- Task details:
Filter task. Return each line of the material that holds the string "DIRECTION".

- Provided entries:
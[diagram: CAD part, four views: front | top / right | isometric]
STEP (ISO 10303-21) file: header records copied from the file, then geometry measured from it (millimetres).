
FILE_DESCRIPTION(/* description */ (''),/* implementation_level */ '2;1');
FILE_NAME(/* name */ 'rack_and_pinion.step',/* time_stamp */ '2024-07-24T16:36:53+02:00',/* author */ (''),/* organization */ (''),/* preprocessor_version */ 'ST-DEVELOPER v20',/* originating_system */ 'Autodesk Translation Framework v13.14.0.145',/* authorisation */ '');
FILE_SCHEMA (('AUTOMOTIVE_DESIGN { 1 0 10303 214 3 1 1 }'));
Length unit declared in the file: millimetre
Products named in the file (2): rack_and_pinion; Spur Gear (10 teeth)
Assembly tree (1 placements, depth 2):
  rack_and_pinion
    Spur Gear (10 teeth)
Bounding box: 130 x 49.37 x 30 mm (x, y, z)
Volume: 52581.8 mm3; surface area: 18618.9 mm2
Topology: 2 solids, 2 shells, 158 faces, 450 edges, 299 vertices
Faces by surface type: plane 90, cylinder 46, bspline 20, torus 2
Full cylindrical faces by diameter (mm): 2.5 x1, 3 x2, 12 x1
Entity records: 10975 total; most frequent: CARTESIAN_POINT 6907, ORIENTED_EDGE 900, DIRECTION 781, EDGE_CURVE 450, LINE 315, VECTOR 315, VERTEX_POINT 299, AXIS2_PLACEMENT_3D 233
...
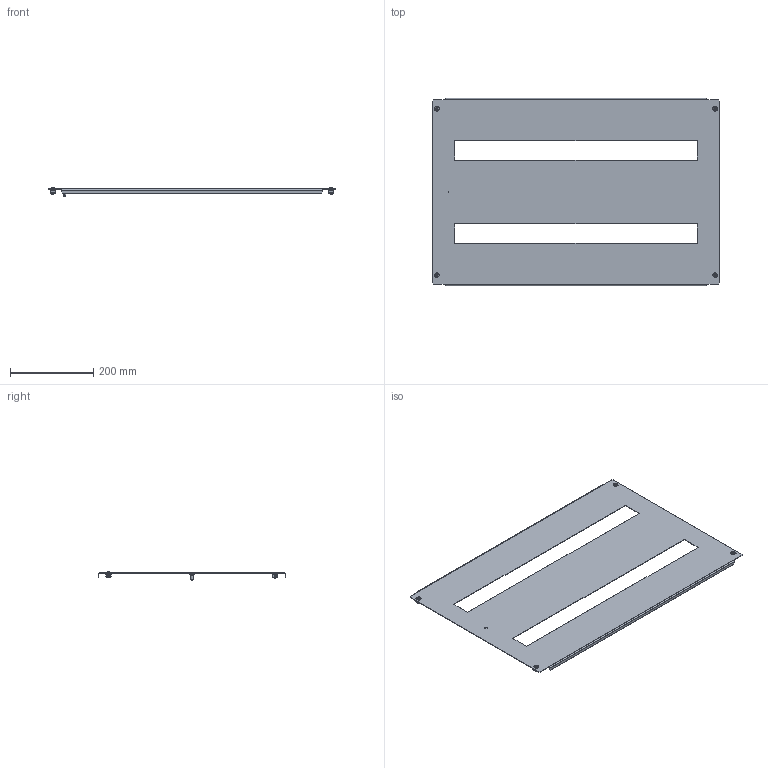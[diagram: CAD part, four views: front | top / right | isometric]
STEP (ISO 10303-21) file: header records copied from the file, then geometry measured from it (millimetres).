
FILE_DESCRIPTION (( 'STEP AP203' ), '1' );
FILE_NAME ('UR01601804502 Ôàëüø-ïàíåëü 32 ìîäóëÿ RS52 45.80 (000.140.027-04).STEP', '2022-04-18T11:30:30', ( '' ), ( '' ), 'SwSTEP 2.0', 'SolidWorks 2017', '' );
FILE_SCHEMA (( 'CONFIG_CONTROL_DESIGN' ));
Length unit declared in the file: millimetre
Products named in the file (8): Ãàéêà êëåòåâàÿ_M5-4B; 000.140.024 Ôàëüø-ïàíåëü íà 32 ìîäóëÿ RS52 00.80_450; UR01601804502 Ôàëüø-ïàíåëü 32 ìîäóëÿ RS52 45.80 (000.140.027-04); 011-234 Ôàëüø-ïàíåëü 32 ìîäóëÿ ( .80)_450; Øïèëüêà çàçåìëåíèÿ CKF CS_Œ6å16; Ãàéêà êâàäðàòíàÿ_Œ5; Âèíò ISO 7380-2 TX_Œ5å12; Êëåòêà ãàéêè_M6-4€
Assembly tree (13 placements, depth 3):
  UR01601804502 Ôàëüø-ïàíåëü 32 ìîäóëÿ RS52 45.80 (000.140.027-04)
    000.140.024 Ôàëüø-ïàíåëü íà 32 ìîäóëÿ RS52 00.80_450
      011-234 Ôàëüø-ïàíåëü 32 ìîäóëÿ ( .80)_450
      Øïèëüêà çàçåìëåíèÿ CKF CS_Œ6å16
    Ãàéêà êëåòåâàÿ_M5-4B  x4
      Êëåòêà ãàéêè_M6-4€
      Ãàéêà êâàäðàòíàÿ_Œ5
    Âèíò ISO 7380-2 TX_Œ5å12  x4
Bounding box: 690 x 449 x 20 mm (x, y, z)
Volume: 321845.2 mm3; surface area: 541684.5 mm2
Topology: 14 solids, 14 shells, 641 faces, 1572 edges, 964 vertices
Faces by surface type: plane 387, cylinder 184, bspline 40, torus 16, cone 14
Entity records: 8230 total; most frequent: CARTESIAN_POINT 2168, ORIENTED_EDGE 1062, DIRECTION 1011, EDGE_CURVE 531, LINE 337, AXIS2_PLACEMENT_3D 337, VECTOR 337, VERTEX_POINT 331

- Written response:
Entity records: 10975 total; most frequent: CARTESIAN_POINT 6907, ORIENTED_EDGE 900, DIRECTION 781, EDGE_CURVE 450, LINE 315, VECTOR 315, VERTEX_POINT 299, AXIS2_PLACEMENT_3D 233
Entity records: 8230 total; most frequent: CARTESIAN_POINT 2168, ORIENTED_EDGE 1062, DIRECTION 1011, EDGE_CURVE 531, LINE 337, AXIS2_PLACEMENT_3D 337, VECTOR 337, VERTEX_POINT 331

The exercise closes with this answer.